# Any way to avoid "Data Model May be Damaged" Message?



## cr731 (Apr 6, 2016)

Whenever I open workbooks containing a data model, about 1 in 4 times results in getting the message box that "We couldn't load the data model.  This may be because the data model in this workbook is damaged."

Furthermore, most of the time I get this message, the workbook works fine after clicking OK on that prompt.  Some of the time, however, I cannot interact with the file at all once I get that message (it just keeps reappearing if I try to make any changes).

When this happens, I close Excel completely and then re-open the file, and it always opens successfully.
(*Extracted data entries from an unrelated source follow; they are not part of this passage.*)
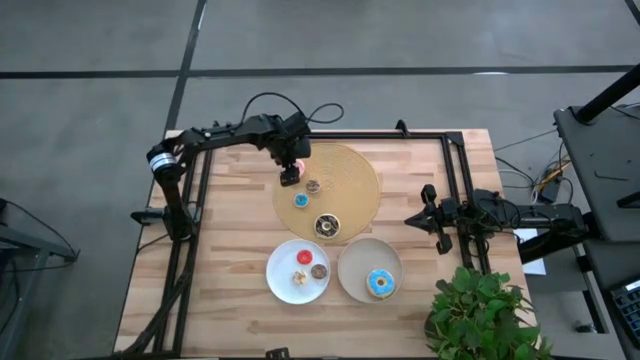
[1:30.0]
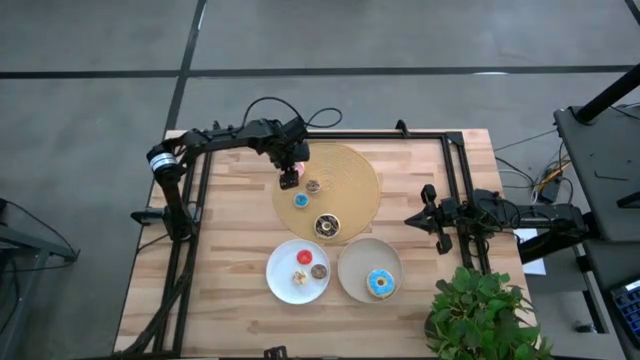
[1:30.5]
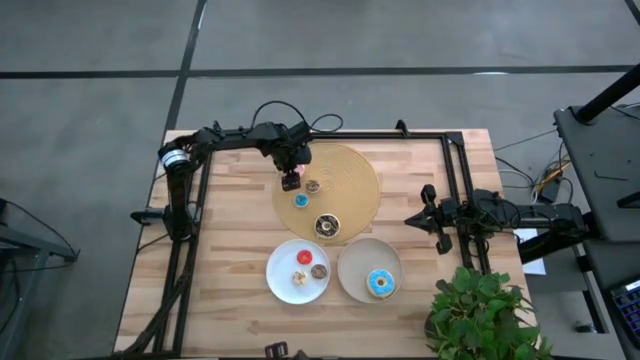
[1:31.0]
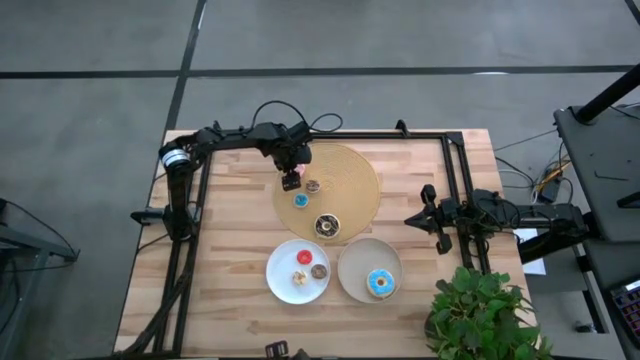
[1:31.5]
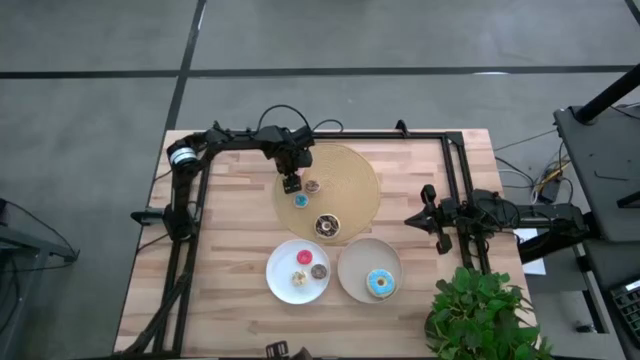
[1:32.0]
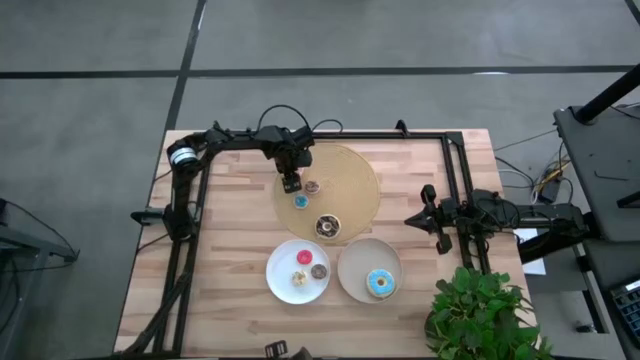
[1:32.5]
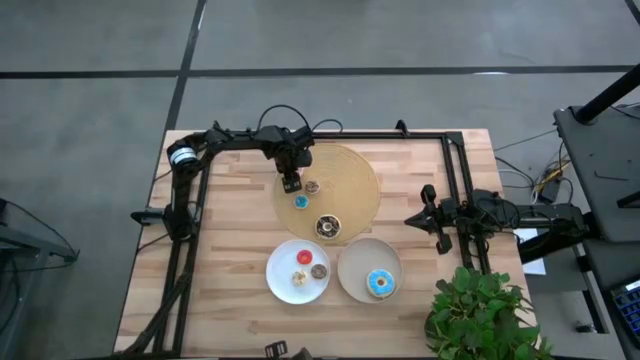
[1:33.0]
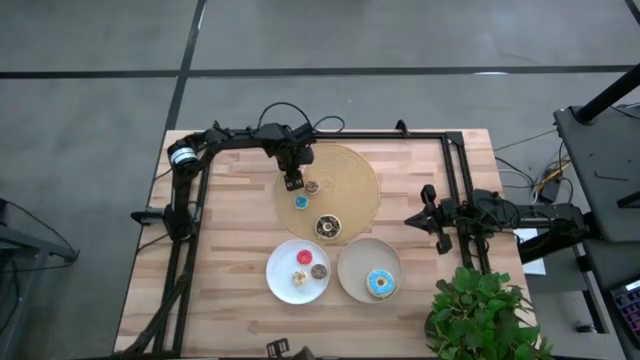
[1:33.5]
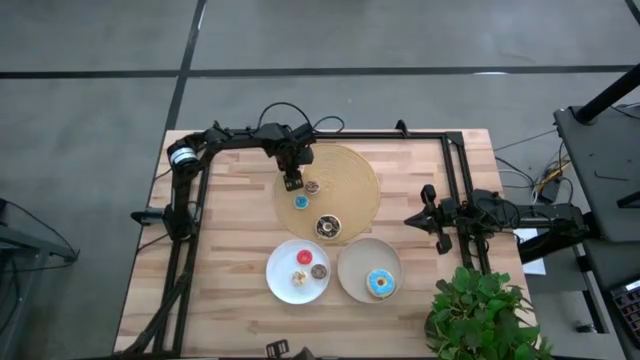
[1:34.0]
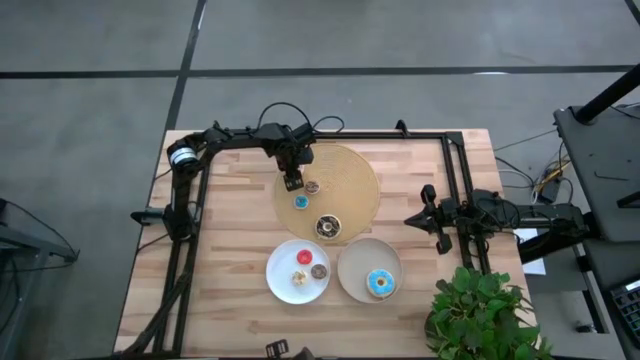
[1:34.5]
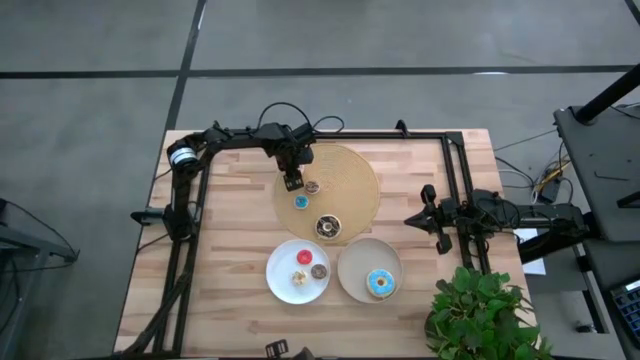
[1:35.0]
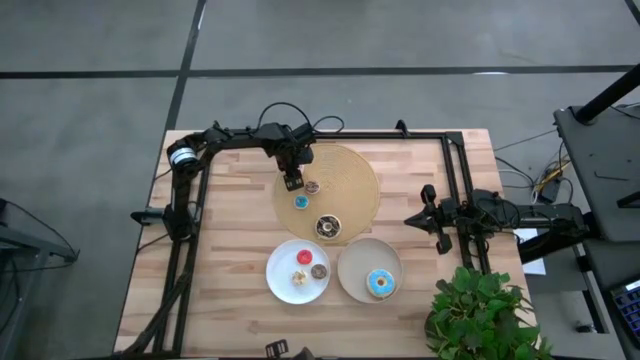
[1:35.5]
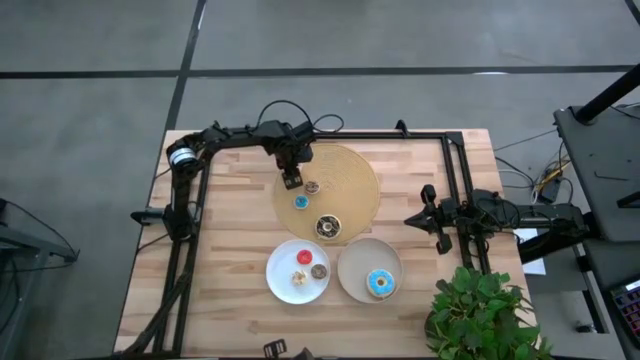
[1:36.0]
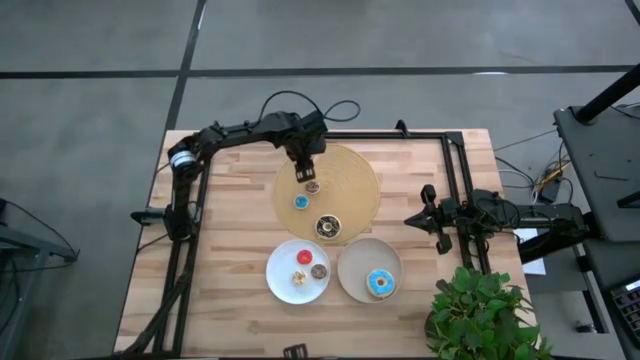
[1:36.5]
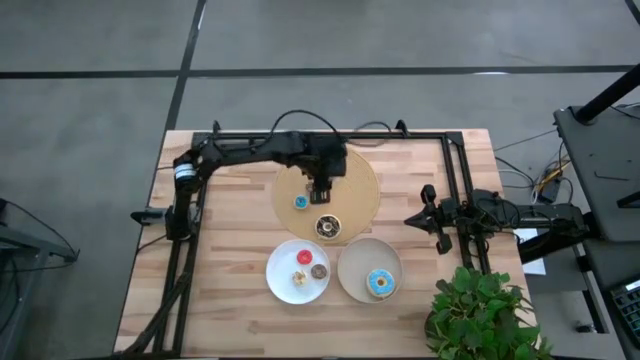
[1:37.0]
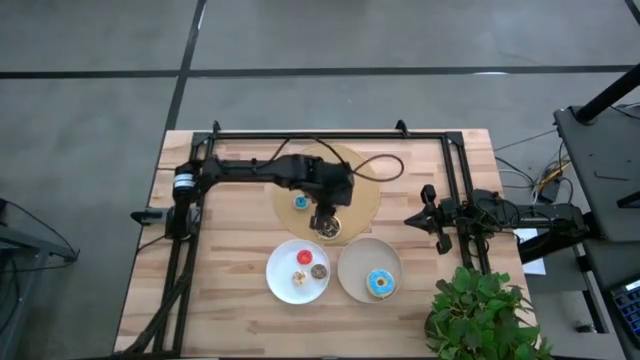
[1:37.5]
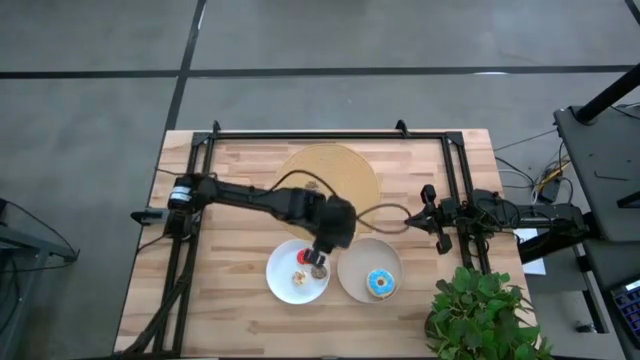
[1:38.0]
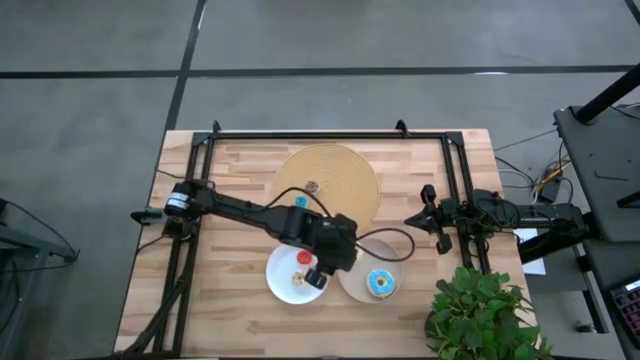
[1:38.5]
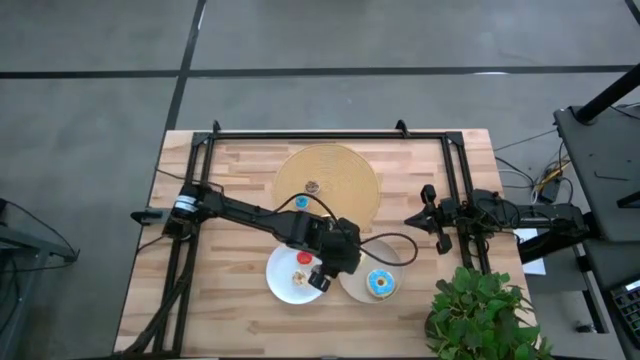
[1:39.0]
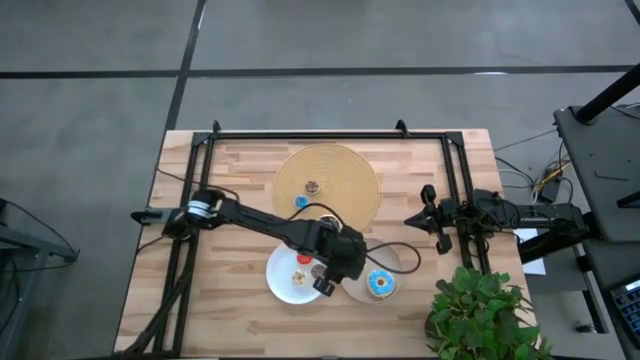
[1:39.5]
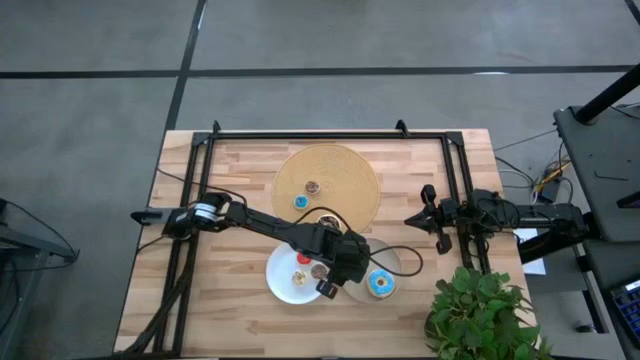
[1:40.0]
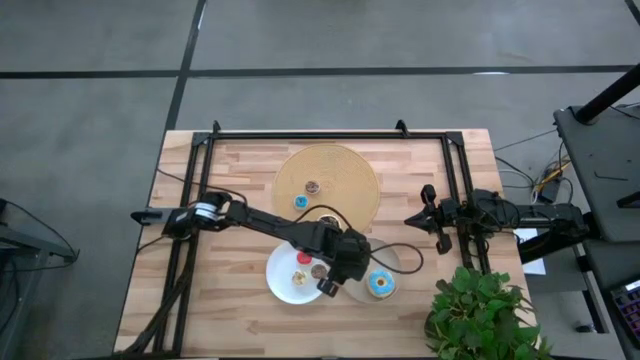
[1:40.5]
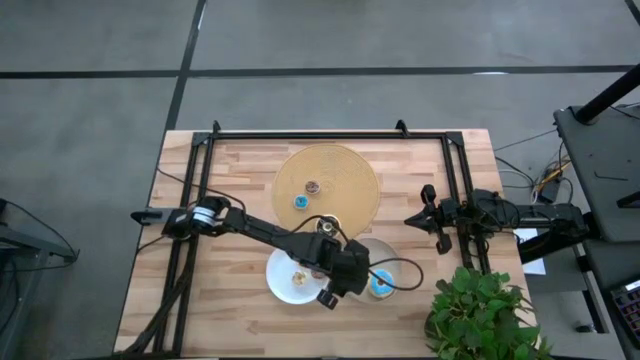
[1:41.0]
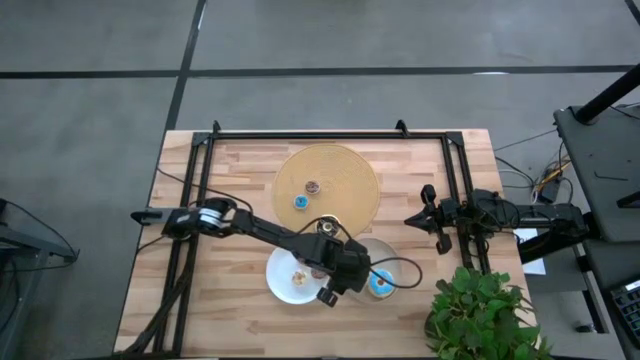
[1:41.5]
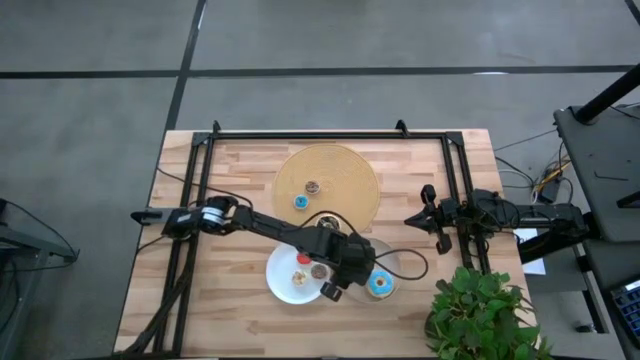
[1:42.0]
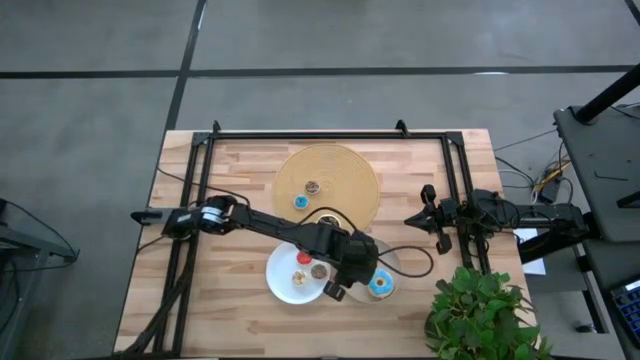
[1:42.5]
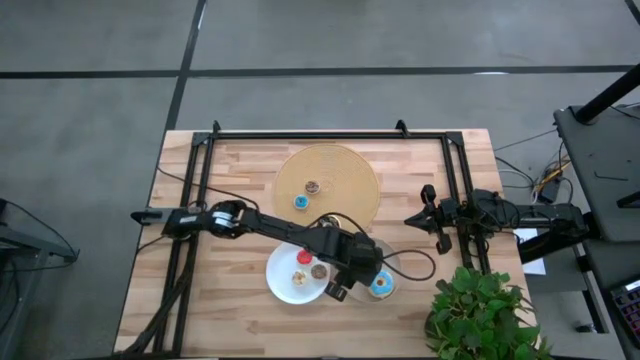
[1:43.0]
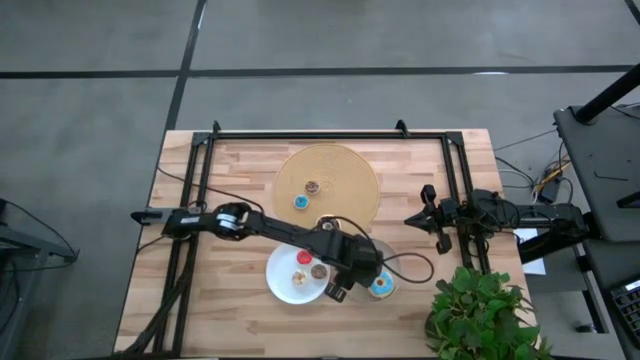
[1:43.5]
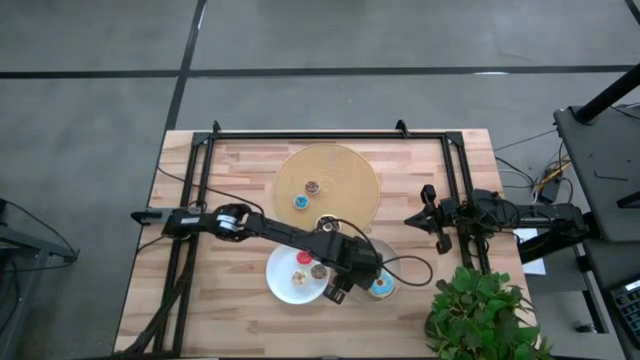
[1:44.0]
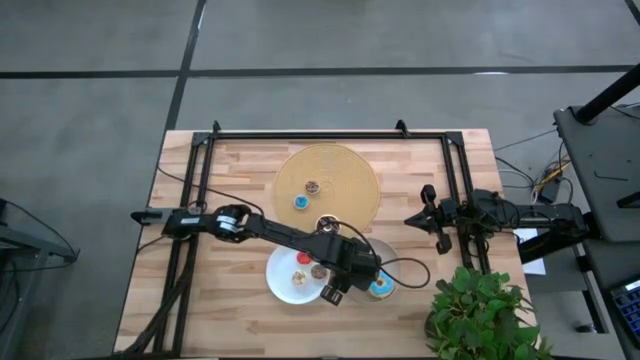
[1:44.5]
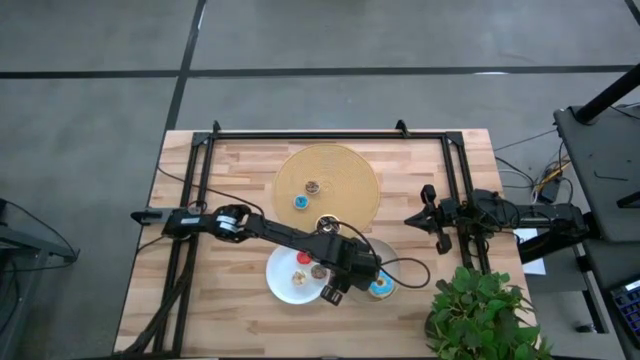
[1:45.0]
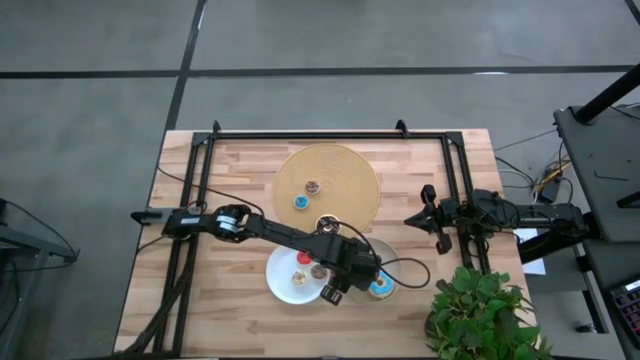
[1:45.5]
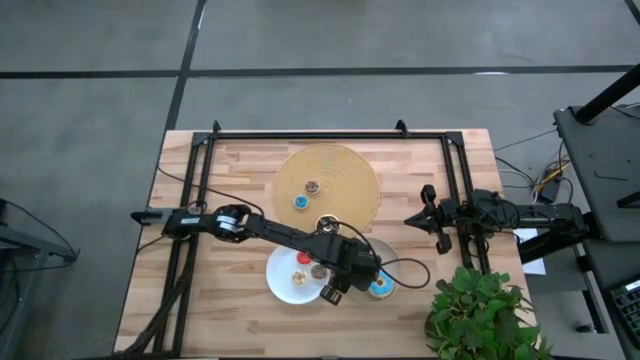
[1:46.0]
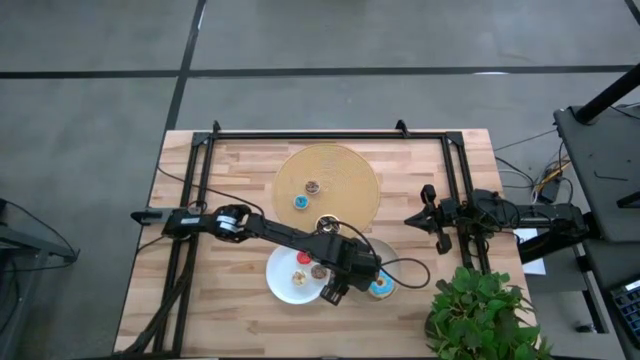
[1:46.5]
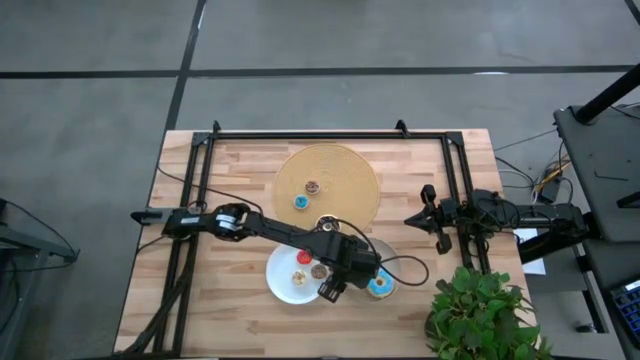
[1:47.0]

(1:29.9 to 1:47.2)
Task: Pick & Place donuts
Put the big pink donut on the brown plate

Is this some sort of memory issue and/or is there anything I can do to reduce the occurrence of this?  My files are not that big - in the 5-6 MB range - with a data model containing tables of 300,000-400,000 rows (with only 5 columns).

This is not unique to my computer (co-workers experience the same thing) and it is not isolated to a single file.  So I'm just wondering if something about the way the model is put together is not working ... or what the cause of this may be.


----------



## Matt Allington (Apr 7, 2016)

Do you have 32 bit Excel?  If so, this is most likely the issue.


----------



## cr731 (Apr 7, 2016)

Yes, 32 bit.  I assume there is no way to clear out the memory in Excel between opening/closing various workbooks aside from closing Excel entirely?


----------



## Matt Allington (Apr 7, 2016)

No way that I know of.  Have you considered the "Hack"

Which Versions of Excel come with Power Pivot? - Excelerator BI

You can patch your version of Excel and increase the memory usage to 4GB (From 2).  Just take a backup first.


----------